In this exercise, we are tasked with implementing the functionality to evaluate and and or functions and install them to the eval function. The code can be written using make-if and following the same pattern as cond:-

(define (and? exp)
  (tagged-list? exp 'and))
(define (and-clauses exp) (cdr exp))
(define (and->if exp)
  (expand-and-clauses (and-clauses exp)))
(define (expand-and-clauses clauses)
  (if (null? clauses)
      'true
      (make-if (car clauses)
               (expand-and-clauses clauses)
               'false)))

(define (or? exp)
  (tagged-list? exp 'or))
(define (or-clauses exp) (cdr exp))
(define (or->if exp)
  (expand-or-clauses (or-clauses exp)))
(define (expand-or-clauses clauses)
  (if (null? clauses)
      'false
      (make-if (car clauses)
               'true
               (expand-and-clauses clauses))))

(define (eval exp env)
  (cond (...)
        ((and? exp) (eval (and->if exp)))
        ((or? exp) (eval (or->if exp)))
        (...)))

Exercise 4.5 

In this exercise, we need to add a way to evaulate an additional syntax for cond of type (test => recipient). To do that, we define the following tester functions:-

(define (cond-apply-clause? clause)
  (eq? (cadr clause) '=>))
(define (cond-apply-test clause)
  (car clause))
(define (cond-apply-recipient clause)
  (caddr clause))

Next, we modify the cond clause generator to include the syntax:-

(define (expand-clauses clauses)
  (if (null? clauses)
      'false     ; no else clause
      (let ((first (car clauses))
            (rest (cdr clauses)))
        (if (cond-else-clause? first)
            (if (null? rest)
                (sequence->exp
                 (cond-actions first))
                (error "ELSE clause isn't
                        last: COND->IF"
                       clauses))
            (if (cond-apply-clause? first)
                (list (make-lambda '(_cond-test)
                                   (make-if (cond-apply-test first)
                                            (list _cond-test (cond-apply-test first))
                                            (expand-clauses rest)))
                      (cond-apply-test first))
                (make-if (cond-predicate first)
                         (sequence->exp
                          (cond-actions first))
                         (expand-clauses
                          rest)))))))

We use the lambda expression to make sure that the test is only run once in case it has side-effects.

Exercise 4.6 

In this exercise, we need to rewrite let expressions as derived expressions composed of lambda expressions.
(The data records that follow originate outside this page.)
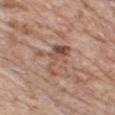| key | value |
|---|---|
| biopsy status | imaged on a skin check; not biopsied |
| body site | the chest |
| acquisition | ~15 mm tile from a whole-body skin photo |
| subject | male, about 75 years old |
| diameter | about 5 mm |
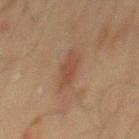| field | value |
|---|---|
| notes | imaged on a skin check; not biopsied |
| image-analysis metrics | a lesion-to-skin contrast of about 6 (normalized; higher = more distinct); a border-irregularity rating of about 4.5/10, a color-variation rating of about 2/10, and radial color variation of about 0.5; a classifier nevus-likeness of about 70/100 |
| tile lighting | cross-polarized |
| lesion diameter | ~4.5 mm (longest diameter) |
| body site | the back |
| patient | male, about 70 years old |
| image source | ~15 mm crop, total-body skin-cancer survey |
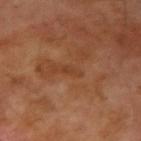follow-up: imaged on a skin check; not biopsied
tile lighting: cross-polarized illumination
patient: male, aged 68 to 72
image source: 15 mm crop, total-body photography
image-analysis metrics: a footprint of about 2 mm², an outline eccentricity of about 0.95 (0 = round, 1 = elongated), and a shape-asymmetry score of about 0.45 (0 = symmetric); a mean CIELAB color near L≈39 a*≈23 b*≈34 and a lesion–skin lightness drop of about 6; border irregularity of about 5 on a 0–10 scale, a color-variation rating of about 0/10, and radial color variation of about 0; lesion-presence confidence of about 85/100
anatomic site: the right upper arm
diameter: ≈2.5 mm
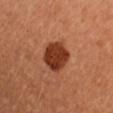Recorded during total-body skin imaging; not selected for excision or biopsy. A female subject, approximately 35 years of age. Captured under cross-polarized illumination. Cropped from a whole-body photographic skin survey; the tile spans about 15 mm. The total-body-photography lesion software estimated border irregularity of about 1.5 on a 0–10 scale and a peripheral color-asymmetry measure near 1. The software also gave a classifier nevus-likeness of about 100/100. On the right upper arm. The recorded lesion diameter is about 4 mm.
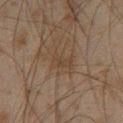The lesion was tiled from a total-body skin photograph and was not biopsied.
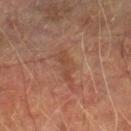Findings:
- follow-up: no biopsy performed (imaged during a skin exam)
- imaging modality: total-body-photography crop, ~15 mm field of view
- size: ~4 mm (longest diameter)
- subject: male, roughly 75 years of age
- illumination: cross-polarized
- automated metrics: a normalized lesion–skin contrast near 5; a border-irregularity index near 4.5/10 and a peripheral color-asymmetry measure near 0.5; a lesion-detection confidence of about 100/100
- anatomic site: the right lower leg
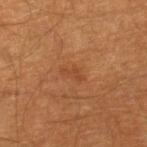Q: Was a biopsy performed?
A: catalogued during a skin exam; not biopsied
Q: What are the patient's age and sex?
A: male, aged 58 to 62
Q: What is the imaging modality?
A: ~15 mm crop, total-body skin-cancer survey
Q: Where on the body is the lesion?
A: the right lower leg
Q: How was the tile lit?
A: cross-polarized
Q: What is the lesion's diameter?
A: ≈3 mm
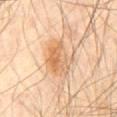Captured during whole-body skin photography for melanoma surveillance; the lesion was not biopsied. Measured at roughly 5 mm in maximum diameter. Imaged with cross-polarized lighting. A male patient aged 68 to 72. Located on the abdomen. A close-up tile cropped from a whole-body skin photograph, about 15 mm across.
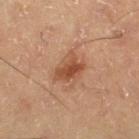<lesion>
  <biopsy_status>not biopsied; imaged during a skin examination</biopsy_status>
  <image>
    <source>total-body photography crop</source>
    <field_of_view_mm>15</field_of_view_mm>
  </image>
  <patient>
    <sex>male</sex>
    <age_approx>60</age_approx>
  </patient>
  <site>left thigh</site>
  <lesion_size>
    <long_diameter_mm_approx>3.5</long_diameter_mm_approx>
  </lesion_size>
</lesion>
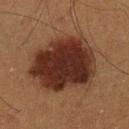Captured during whole-body skin photography for melanoma surveillance; the lesion was not biopsied.
The lesion-visualizer software estimated a shape eccentricity near 0.6. The analysis additionally found an average lesion color of about L≈24 a*≈18 b*≈22 (CIELAB) and a normalized lesion–skin contrast near 14. The software also gave a detector confidence of about 100 out of 100 that the crop contains a lesion.
Captured under cross-polarized illumination.
The lesion is located on the left lower leg.
A male patient, about 40 years old.
A roughly 15 mm field-of-view crop from a total-body skin photograph.
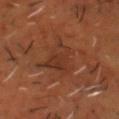The lesion was photographed on a routine skin check and not biopsied; there is no pathology result. This is a cross-polarized tile. Located on the head or neck. A male subject, approximately 50 years of age. A 15 mm crop from a total-body photograph taken for skin-cancer surveillance.
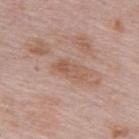The lesion was tiled from a total-body skin photograph and was not biopsied. The lesion is on the upper back. Approximately 3.5 mm at its widest. The patient is a female aged 63–67. This image is a 15 mm lesion crop taken from a total-body photograph. This is a white-light tile.
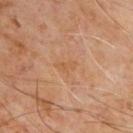Clinical impression: The lesion was tiled from a total-body skin photograph and was not biopsied. Clinical summary: From the chest. This is a cross-polarized tile. The subject is a male approximately 60 years of age. Longest diameter approximately 2.5 mm. A 15 mm close-up tile from a total-body photography series done for melanoma screening. The total-body-photography lesion software estimated an eccentricity of roughly 0.85. It also reported a nevus-likeness score of about 0/100 and lesion-presence confidence of about 100/100.
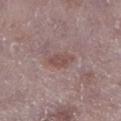<record>
<biopsy_status>not biopsied; imaged during a skin examination</biopsy_status>
<patient>
  <sex>male</sex>
  <age_approx>75</age_approx>
</patient>
<image>
  <source>total-body photography crop</source>
  <field_of_view_mm>15</field_of_view_mm>
</image>
<site>right lower leg</site>
</record>
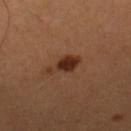<case>
<biopsy_status>not biopsied; imaged during a skin examination</biopsy_status>
<lighting>cross-polarized</lighting>
<lesion_size>
  <long_diameter_mm_approx>4.0</long_diameter_mm_approx>
</lesion_size>
<patient>
  <sex>female</sex>
  <age_approx>55</age_approx>
</patient>
<image>
  <source>total-body photography crop</source>
  <field_of_view_mm>15</field_of_view_mm>
</image>
<site>leg</site>
</case>
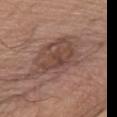No biopsy was performed on this lesion — it was imaged during a full skin examination and was not determined to be concerning. The tile uses white-light illumination. The patient is a male about 75 years old. Cropped from a whole-body photographic skin survey; the tile spans about 15 mm. The lesion's longest dimension is about 13 mm. The lesion is located on the front of the torso. An algorithmic analysis of the crop reported an average lesion color of about L≈48 a*≈18 b*≈24 (CIELAB), roughly 9 lightness units darker than nearby skin, and a lesion-to-skin contrast of about 7 (normalized; higher = more distinct).
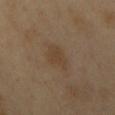This lesion was catalogued during total-body skin photography and was not selected for biopsy.
Approximately 4 mm at its widest.
Automated image analysis of the tile measured a footprint of about 6.5 mm², an outline eccentricity of about 0.8 (0 = round, 1 = elongated), and a shape-asymmetry score of about 0.35 (0 = symmetric). It also reported a detector confidence of about 100 out of 100 that the crop contains a lesion.
A region of skin cropped from a whole-body photographic capture, roughly 15 mm wide.
From the mid back.
Imaged with cross-polarized lighting.
The subject is a male aged 48 to 52.

This can be done using the following code:-

(define (let? exp)
  (tagged-list? exp 'let))
(define (let-bindings exp)
  (cadr exp))
(define (let-body exp)
  (cddr exp))
(define (binding-names bindings)
  (if (null? bindings)
      '()
      (cons (caar bindings)
            (binding-names bindings))))
(define (binding-values bindings)
  (if (null? bindings)
      '()
      (cons (cadr bindings)
            (binding-names bindings))))
(define (let->combination exp)
  (let ((bindings (let-bindings exp)))
    (list (make-lambda (binding-names bindings)
                       (let-body exp))
          (binding-values bindings))))

Now we can handle let by modifying eval as follows:-

(define (eval exp env)
  (cond (...)
        ((let? exp) (eval (let->combination exp)))
        (...)))

Exercise 4.7 

In this exercise, we need to write a converter for let* expression which is like let but allows for binding the variables one by one such that later bindings have access to the earlier bindings. Thus, let* can be expressed in terms of recursive let. The code to do that is as follows:-

(define (let*? exp)
  (tagged-list? exp 'let?))
(define (let*->nested-lets exp)
  (expand-let* (let-bindings exp) (let-body exp)))
(define (expand-let* bindings body)
  (if (null? bindings)
      body
      (list
       'let
       (list car-bindings)
       (expand-let (cdr bindings) body))))

It is sufficient to add a clause (eval (let*->nested-lets exp) env) to eval. The eval function can recursively transform the expression until the primitive value.